### Required work
Please output all of the entries exactly and omit any images they hold.

### Available data
┏━━

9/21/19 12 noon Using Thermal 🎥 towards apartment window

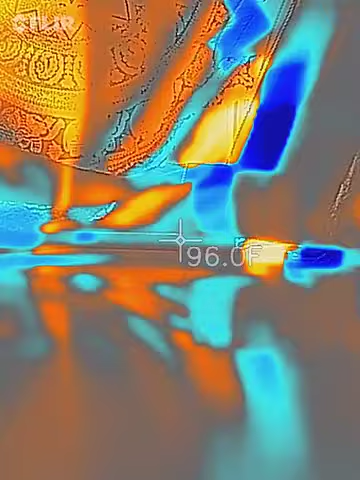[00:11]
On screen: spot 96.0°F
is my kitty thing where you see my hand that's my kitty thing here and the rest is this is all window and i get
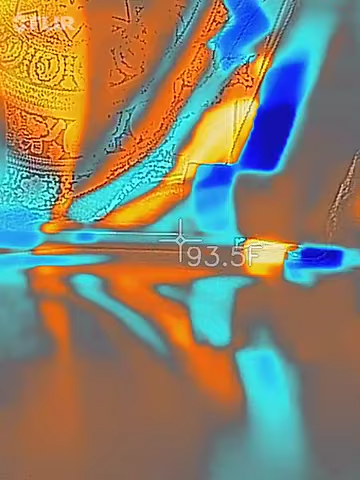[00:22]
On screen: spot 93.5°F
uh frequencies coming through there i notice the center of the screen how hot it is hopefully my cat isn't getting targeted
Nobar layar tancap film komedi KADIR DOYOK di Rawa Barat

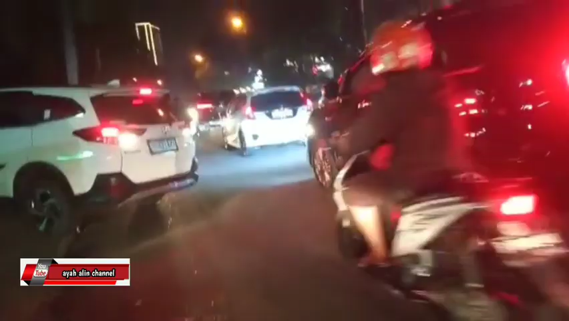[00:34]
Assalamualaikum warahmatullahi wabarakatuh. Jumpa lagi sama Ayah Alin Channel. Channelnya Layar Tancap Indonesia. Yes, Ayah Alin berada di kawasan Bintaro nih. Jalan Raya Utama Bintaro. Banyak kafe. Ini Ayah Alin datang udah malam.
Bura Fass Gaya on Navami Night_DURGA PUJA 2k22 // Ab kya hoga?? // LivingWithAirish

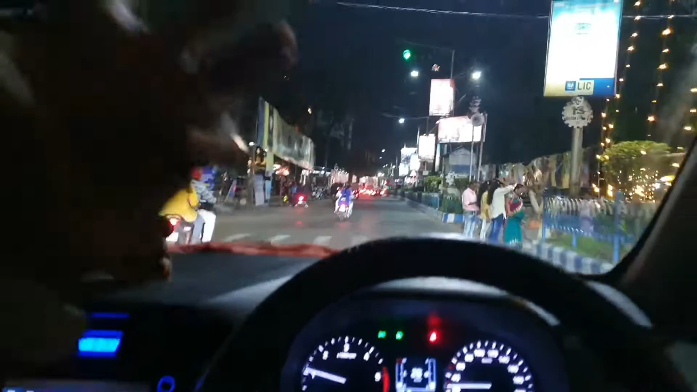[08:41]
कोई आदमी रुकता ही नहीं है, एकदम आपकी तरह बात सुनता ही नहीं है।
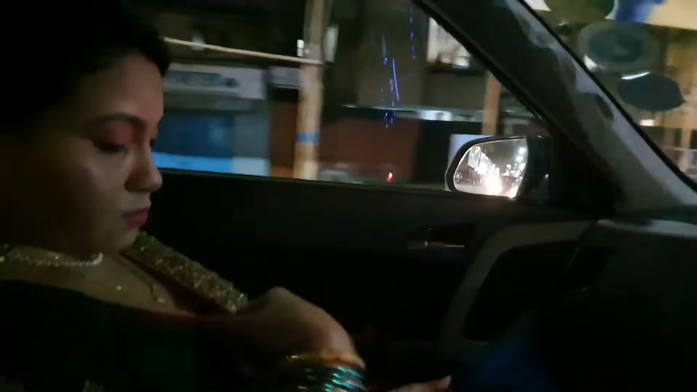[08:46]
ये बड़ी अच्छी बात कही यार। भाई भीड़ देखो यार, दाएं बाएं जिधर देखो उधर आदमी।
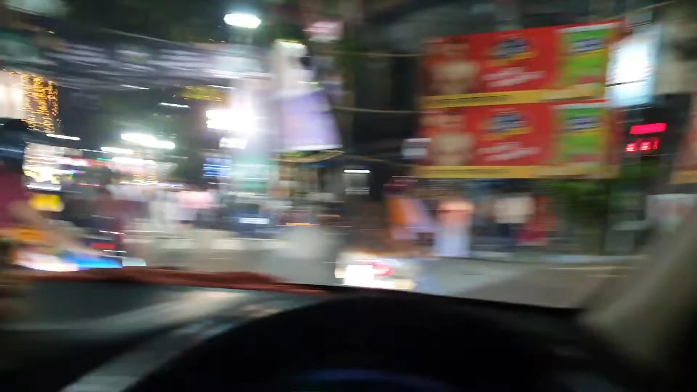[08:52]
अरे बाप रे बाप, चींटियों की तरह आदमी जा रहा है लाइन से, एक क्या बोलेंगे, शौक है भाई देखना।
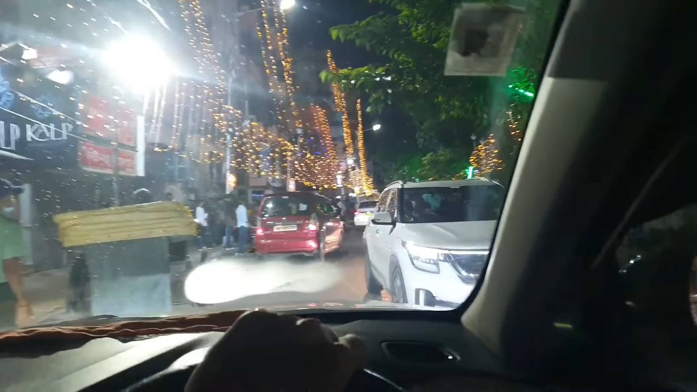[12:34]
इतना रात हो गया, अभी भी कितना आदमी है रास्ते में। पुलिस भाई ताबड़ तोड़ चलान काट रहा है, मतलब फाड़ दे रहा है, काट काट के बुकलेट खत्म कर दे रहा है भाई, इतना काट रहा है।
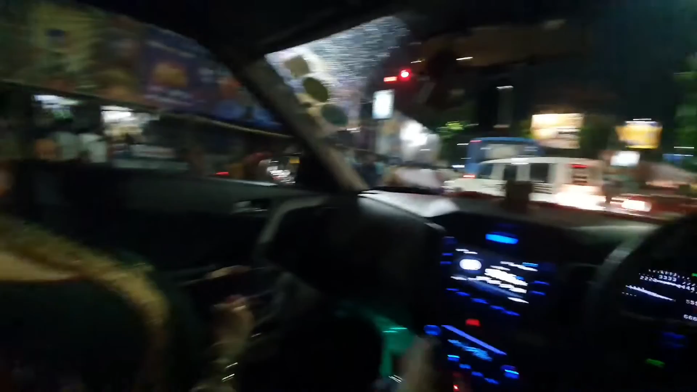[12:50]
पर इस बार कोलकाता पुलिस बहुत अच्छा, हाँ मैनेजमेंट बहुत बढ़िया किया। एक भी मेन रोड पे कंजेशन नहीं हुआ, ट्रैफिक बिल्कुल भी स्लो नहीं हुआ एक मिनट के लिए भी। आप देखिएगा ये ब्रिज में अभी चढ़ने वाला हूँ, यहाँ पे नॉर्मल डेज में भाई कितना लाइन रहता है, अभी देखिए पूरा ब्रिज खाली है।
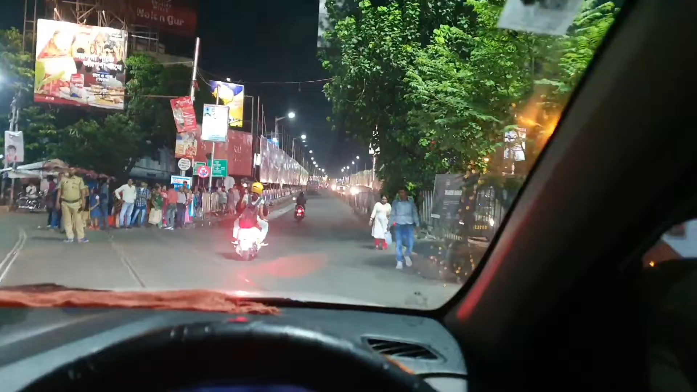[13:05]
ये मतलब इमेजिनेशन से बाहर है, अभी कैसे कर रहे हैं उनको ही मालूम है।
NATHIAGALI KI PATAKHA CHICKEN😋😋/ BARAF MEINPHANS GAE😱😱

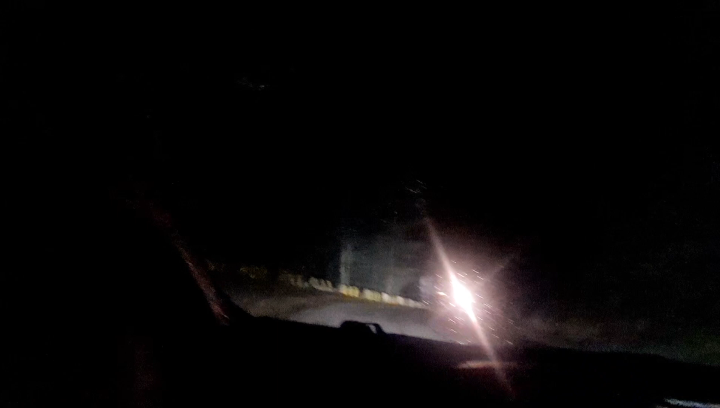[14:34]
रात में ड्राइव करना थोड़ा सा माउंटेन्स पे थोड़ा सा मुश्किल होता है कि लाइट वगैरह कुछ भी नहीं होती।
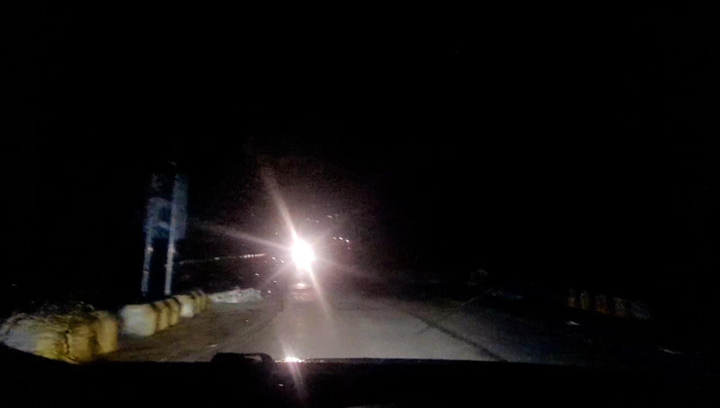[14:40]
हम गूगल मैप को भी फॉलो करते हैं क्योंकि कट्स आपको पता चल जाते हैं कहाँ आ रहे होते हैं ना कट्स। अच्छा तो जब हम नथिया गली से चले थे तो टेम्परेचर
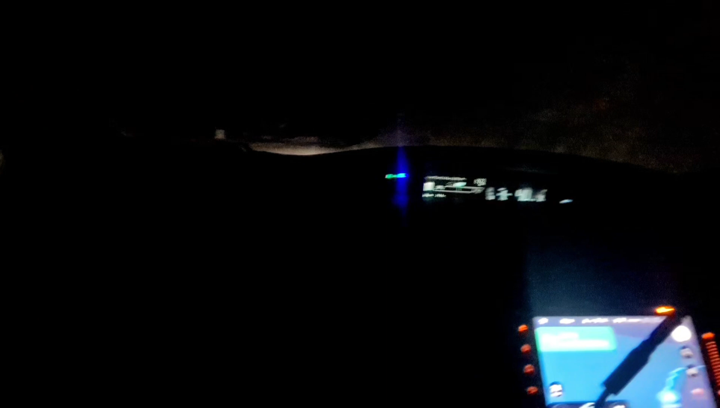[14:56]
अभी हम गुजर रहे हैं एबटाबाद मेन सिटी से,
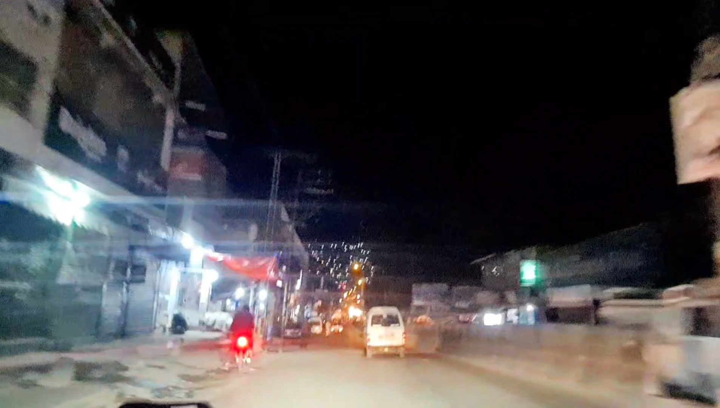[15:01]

┗━━

### Task output
9/21/19 12 noon Using Thermal 🎥 towards apartment window

[00:11]
On screen: spot 96.0°F
is my kitty thing where you see my hand that's my kitty thing here and the rest is this is all window and i get
[00:22]
On screen: spot 93.5°F
uh frequencies coming through there i notice the center of the screen how hot it is hopefully my cat isn't getting targeted
Nobar layar tancap film komedi KADIR DOYOK di Rawa Barat

[00:34]
Assalamualaikum warahmatullahi wabarakatuh. Jumpa lagi sama Ayah Alin Channel. Channelnya Layar Tancap Indonesia. Yes, Ayah Alin berada di kawasan Bintaro nih. Jalan Raya Utama Bintaro. Banyak kafe. Ini Ayah Alin datang udah malam.
Bura Fass Gaya on Navami Night_DURGA PUJA 2k22 // Ab kya hoga?? // LivingWithAirish

[08:41]
कोई आदमी रुकता ही नहीं है, एकदम आपकी तरह बात सुनता ही नहीं है।
[08:46]
ये बड़ी अच्छी बात कही यार। भाई भीड़ देखो यार, दाएं बाएं जिधर देखो उधर आदमी।
[08:52]
अरे बाप रे बाप, चींटियों की तरह आदमी जा रहा है लाइन से, एक क्या बोलेंगे, शौक है भाई देखना।
[12:34]
इतना रात हो गया, अभी भी कितना आदमी है रास्ते में। पुलिस भाई ताबड़ तोड़ चलान काट रहा है, मतलब फाड़ दे रहा है, काट काट के बुकलेट खत्म कर दे रहा है भाई, इतना काट रहा है।
[12:50]
पर इस बार कोलकाता पुलिस बहुत अच्छा, हाँ मैनेजमेंट बहुत बढ़िया किया। एक भी मेन रोड पे कंजेशन नहीं हुआ, ट्रैफिक बिल्कुल भी स्लो नहीं हुआ एक मिनट के लिए भी। आप देखिएगा ये ब्रिज में अभी चढ़ने वाला हूँ, यहाँ पे नॉर्मल डेज में भाई कितना लाइन रहता है, अभी देखिए पूरा ब्रिज खाली है।
[13:05]
ये मतलब इमेजिनेशन से बाहर है, अभी कैसे कर रहे हैं उनको ही मालूम है।
NATHIAGALI KI PATAKHA CHICKEN😋😋/ BARAF MEINPHANS GAE😱😱

[14:34]
रात में ड्राइव करना थोड़ा सा माउंटेन्स पे थोड़ा सा मुश्किल होता है कि लाइट वगैरह कुछ भी नहीं होती।
[14:40]
हम गूगल मैप को भी फॉलो करते हैं क्योंकि कट्स आपको पता चल जाते हैं कहाँ आ रहे होते हैं ना कट्स। अच्छा तो जब हम नथिया गली से चले थे तो टेम्परेचर
[14:56]
अभी हम गुजर रहे हैं एबटाबाद मेन सिटी से,
[15:01]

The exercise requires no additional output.